QuoteYour bringing up your "trick" (which is trivial and which anyone who ever wrote DOS assembly-language programs, as I did back in the day, was familiar with) doesn't change that. At some point in the string, there needs to be a terminator.
You still don't understand, that this is only for the string you pass over to a function that relies on the terminator. But the definition itself doesn't have that requirement, because you can append another string in memory that does have this terminator, thus your code will run fine.
Quote from: bugthis on July 09, 2024, 09:40:25 AMBut the definition itself doesn't have that requirement, because you can append another string in memory that does have this terminator, thus your code will run fine.
But the fact remains that ultimately
the string (whatever you pass to
INT 21H/AH=9, f'rinstance)
must have a terminator.

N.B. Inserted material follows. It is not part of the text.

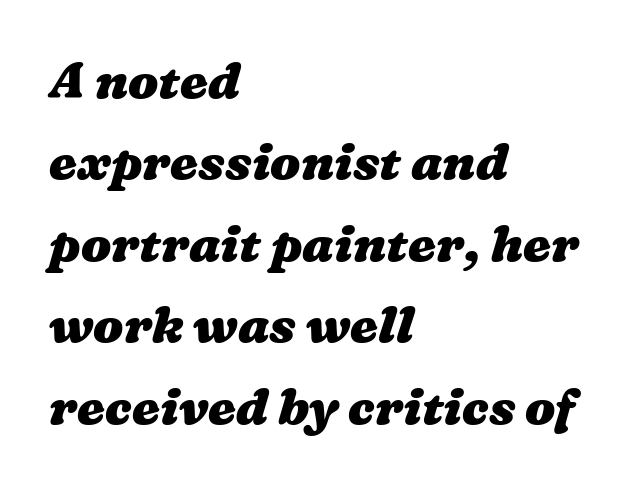
This rendering features lettering with no underline. Horizontally, the lines are justified to the leading edge only. Nobody touched the tracking dial on this one. How would I describe the line gaps? Plain and ordinary. Its strokes are broad and dark, the hallmark of bold type.

How it (the terminator) gets there is irrelevant.
Quote from: NoCforMe on July 09, 2024, 10:00:58 AM....(whatever you pass to INT 21H/AH=9, f'rinstance) must have a terminator.
Nobody here disputes that.
QuoteHow it (the terminator) gets there is irrelevant.
Exactly. And that's my point.
Quote from: bugthis on July 09, 2024, 11:31:17 AMQuoteHow it (the terminator) gets there is irrelevant.
Exactly. And that's my point.
OK. We can move on now.
You never answered: did you fix the problems with your code?
Quote from: NoCforMe on July 09, 2024, 11:35:28 AMQuote from: bugthis on July 09, 2024, 11:31:17 AMQuoteHow it (the terminator) gets there is irrelevant.
Exactly. And that's my point.
OK. We can move on now.
I'm glad we got this settled.
QuoteYou never answered: did you fix the problems with your code?
Well, I now know the cause of the bug. And ultimately I just need to evaluate the parameters in a structured way. But I haven't gotten around to that today and I probably won't get around to it any time soon either, as I want to do a lot of other work first.
My program from yesterday was just a small test anyway, because my curiosity to read the VBE info block was too great. So it was just a quick and dirty mini test.